Some sources for PV system inspection checklists and guidelines include:

■  http://catalog.nfpa.org/

■  http://www.irecusa.org/publications/a-regulators-guidebook-calculating-the-benefits-and-costs-of-distributed-solar-generation/

■  http://www.irecusa.org/publications/connecting-to-the-grid-guide-6th-edition

■  http://www.jimdunlopsolar.com/vendorimages/jdsolar/PVInspectionChecklist.pdf

Many articles in the first four chapters of the NEC also apply to most PV installations, including but not limited to:

■ Article 110 Requirements for Electrical Installations

■ Article 230 Services

■ Article 240 Overcurrent Protection

■ Article 250 Grounding and Bonding

■ Article 300 Wiring Methods

■ Article 310 Conductors for General Wiring

■ Article 314 Outlet, Device, Pull, and Junction Boxes

■ Article 338 Service-Entrance Cable: Types SE and USE

■ Article 344 Rigid Metal Conduit: Type RMC

■ Article 356 Liquidtight Flexible Nonmetallic Conduit: Type LFNC

■ Article 358 Electrical Metallic Tubing: Type EMT

■ Article 400 Flexible Cords and Cables

■ Article 408 Switchboards and Panelboards

■ Article 445 Generators

■ Article 450 Transformers

■ Article 480 Storage Batteries

■ Article 705 Interconnected Electric Power Production Sources

2.1 Labels and Markings

Numerous markings, labels and signs are required to identify PV systems and their components, and to warn operators, service personnel or emergency responders of hazardous conditions.

Manufacturer markings and labels identify the size, type, specifications and ratings for PV modules, inverters, controllers, combiner boxes, conductors, raceways, overcurrent devices, switchgear and all other electrical components.

These markings are placed on the product at the time of manufacture, and include listing marks from the approval agency.

Building officials may verify these markings during inspections, and rely on them for their approvals [110.2, 110.3, 100.21].

Additional markings and labels are required for the overall system and certain components in PV systems, and are to be provided and placed by the installer.

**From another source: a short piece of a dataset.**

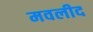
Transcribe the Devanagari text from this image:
मवलीद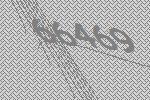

These include additional labels on dc-conductors and raceways [690.4, 690.31], connectors [690.33], disconnecting means [690.14, 690.17], and at the point of utility connection [690.54, 705.10, 705.12].

Labels and markings are also required on PV modules [690.51], alternating-current modules [690.52], the PV power source [690.53], ground fault protection equipment [690.5] and battery storage systems [690.55].

Special labeling is also required for bipolar arrays [690.7], ungrounded PV arrays [690.35], facility with either stand-alone systems or multiple power sources [690.56] and stand-alone inverters providing a single 120-volt supply [690.10].